Sono alcuni risultati della ricerca condotta da Quorum/YouTrend e Cattaneo Zanetto & Co su un campione di 94 parlamentari della legislatura nata lo scorso marzo per capire qual è la dieta mediatica di chi è chiamato a prendere decisioni sulla vita del Paese. Anche guardando all’online, torna quella che i curatori definiscono “discontinuità informativa” tra i gruppi parlamentari di maggioranza e opposizione: se i pentastellati portano ai primi due posti il sito del Fatto e dell’HuffPost, quelli democratici e forzisti scelgono soprattutto Repubblica e Ansa. Se, guardando soprattutto alle preferenze in tema di carta stampata, sembra esserci una divaricazione tra le scelte dei politici in Parlamento e le vendite, torna a esserci invece una sovrapposizione tra eletti ed elettori quando si passa al capitolo dell’affidabilità dei media: sul podio della ricerca su deputati e senatori ci sono Ansa, principale agenzia di stampa italiana (punteggio medio 8 su dieci), la britannica Bbc (7,5) e Il Sole 24 Ore (7,3); le due testate italiane sono quelle che risultavano in testa al “Brand trust scores” del Digital News Report, l’indagine annuale Reuters Institute per lo studio del giornalismo (al terzo posto c’era SkyTg24). Anche in questo caso si nota una diversità pentastellata: tra i quattro principali partiti M5S è l’unico a indicare il Fatto come il più attendibile (per gli altri è invece sempre l’Ansa).

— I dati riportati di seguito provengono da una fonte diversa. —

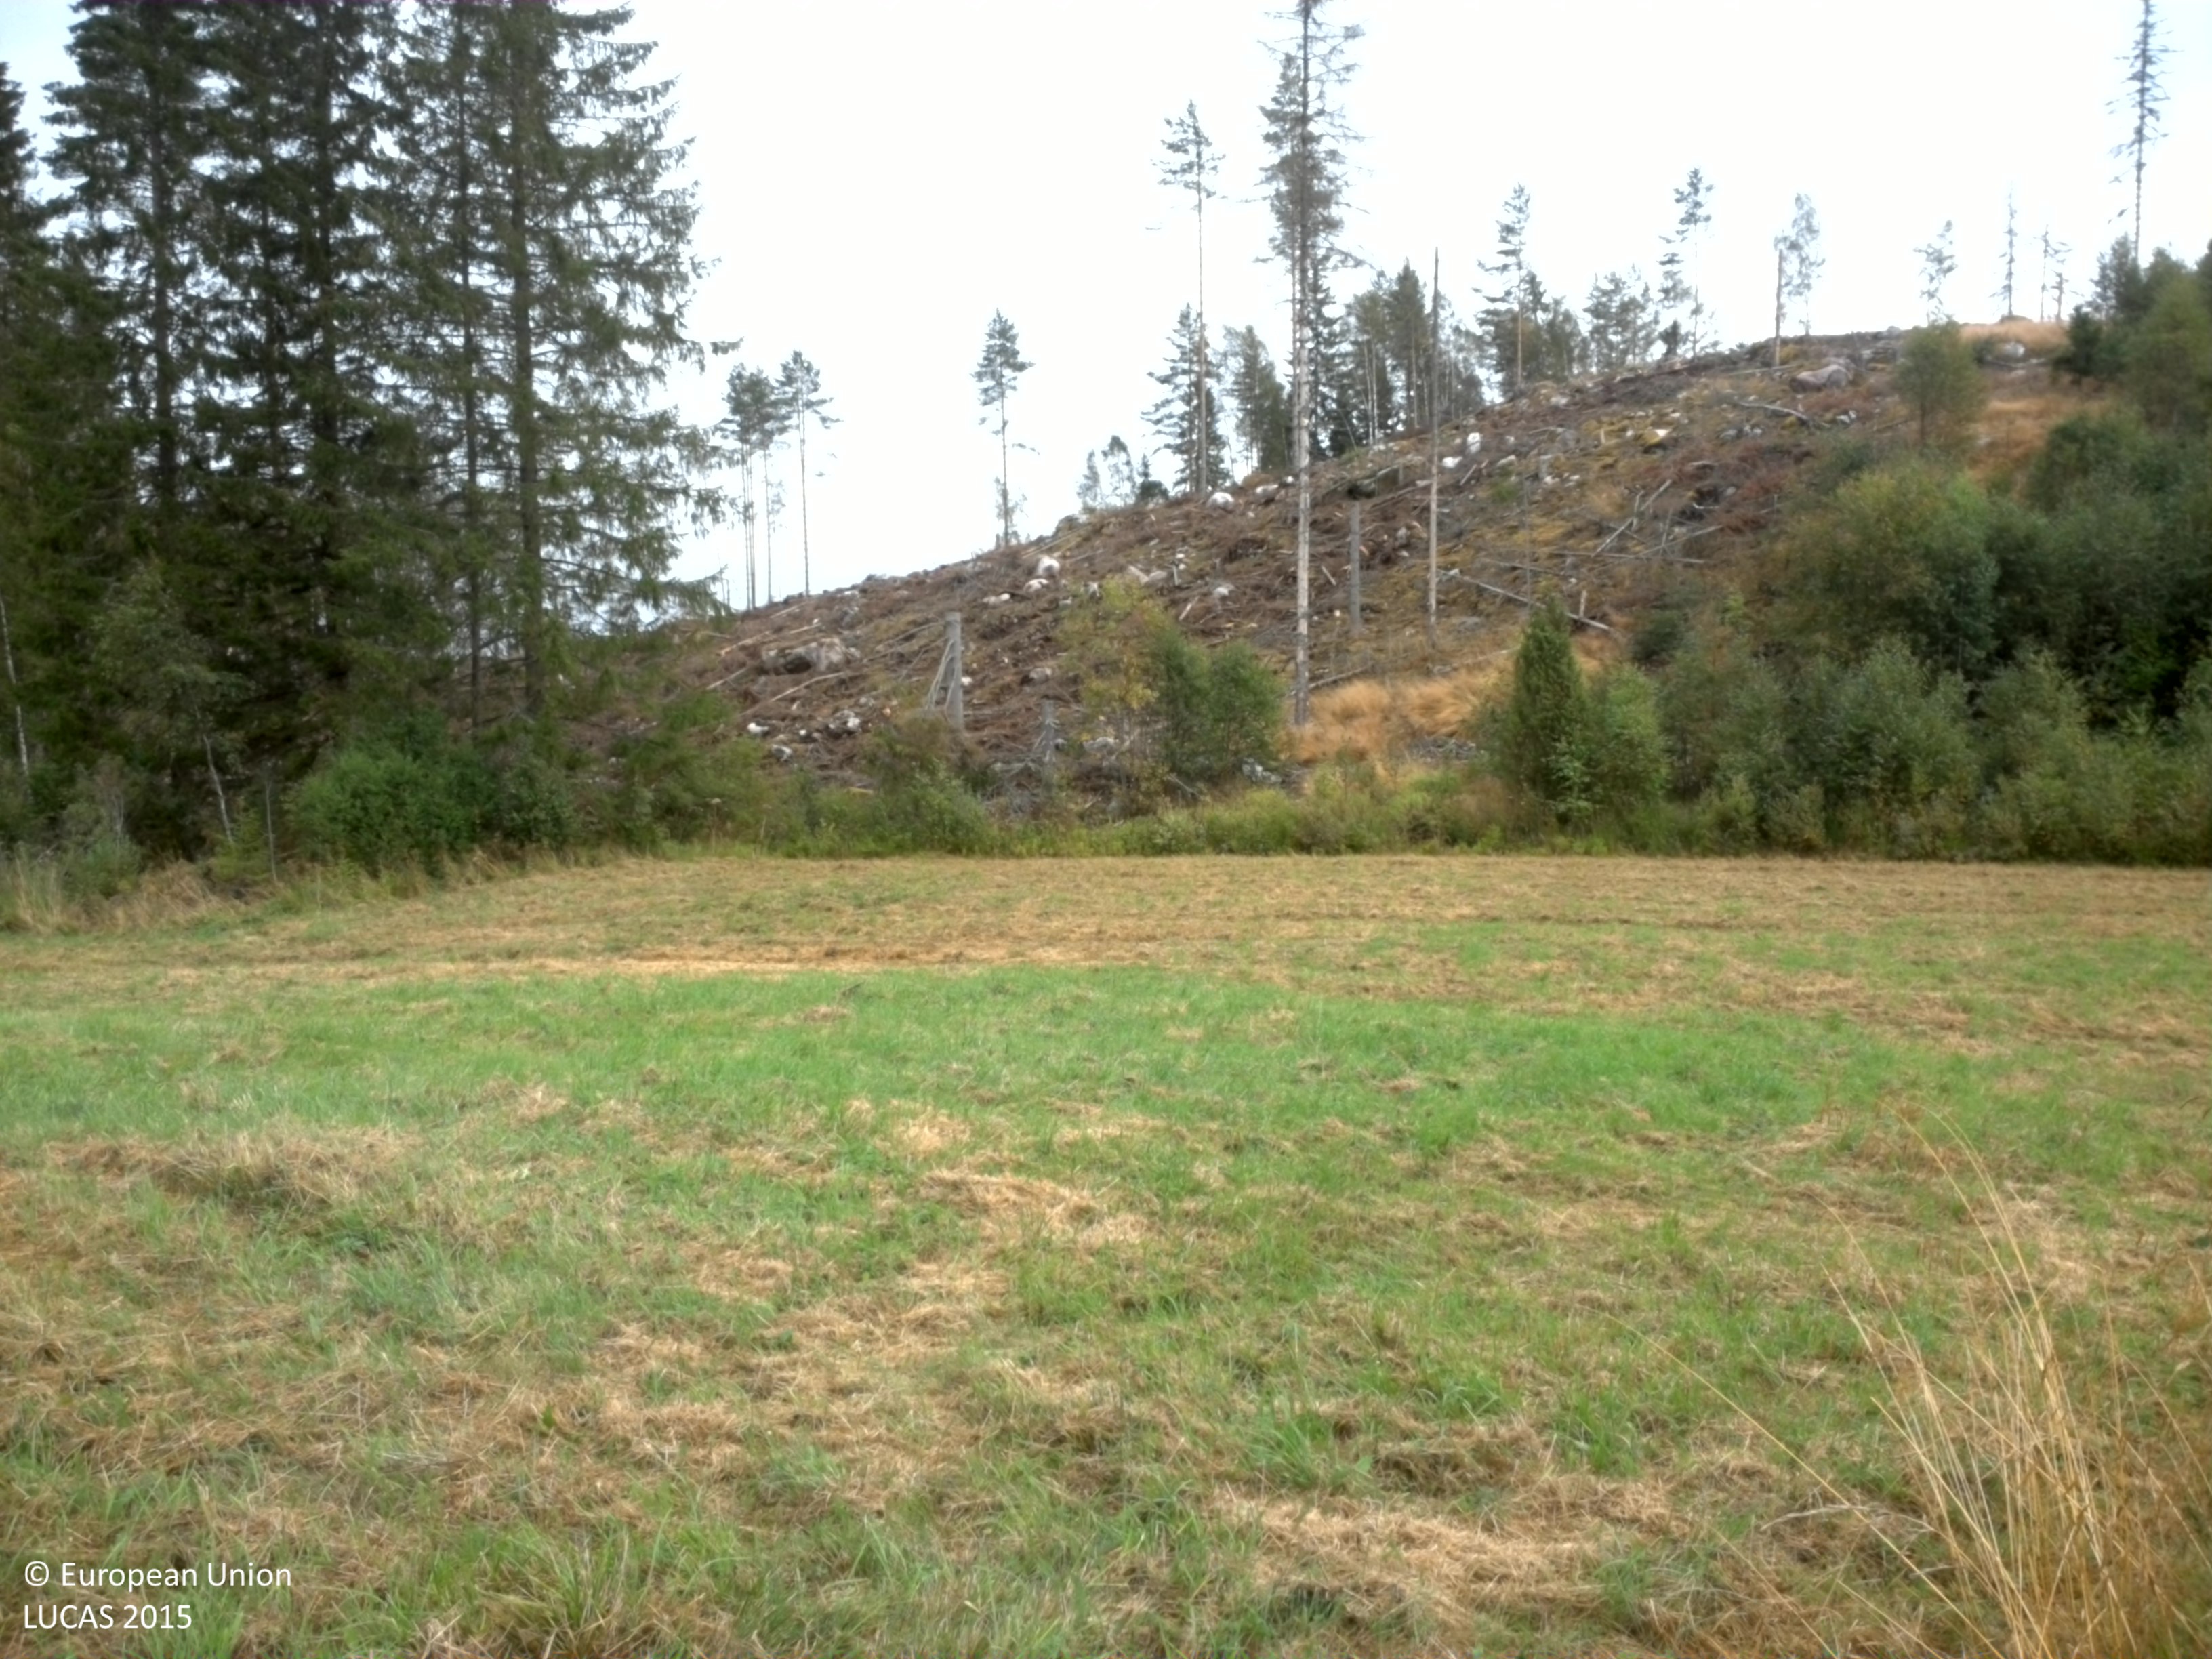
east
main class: Grassland
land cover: Grassland without tree/shrub cover
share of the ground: > 75 %
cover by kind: herbaceous plants 100 %
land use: Agriculture (excluding fallow land and kitchen gardens)
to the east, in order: Grassland without tree/shrub cover; Electric lines; Grassland without tree/shrub cover; Ditches and canals; Grassland with sparse tree/shrub cover; Spruce dominated mixed woodland; Grassland with sparse tree/shrub cover
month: August
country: SE
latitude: 59.7807
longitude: 15.6012

I media sono poi analizzati in base all’indice di polarizzazione (differenza tra gruppo che considera più vicino un certo media e il gruppo che lo considera più lontano): tra quelli «trasversali» ci sono Corriere della sera e Sole 24 Ore, Dagospia, il tg condotto da Enrico Mentana e due trasmissioni della 7 (Omnibus e L’aria che tira). C’è poi la “vicinanza”: dalle risposte dei parlamentari i tre media più vicini al governo risultano Fatto, TgLa7 e “Non è l’arena”, quelli più lontani Tg3, Repubblica e Foglio. Infine, le fake news: «Favoriscono le tendenze populiste?». Il 97% di dem e forzisti pensano di sì, solo il 4% di M5S e Lega concorda.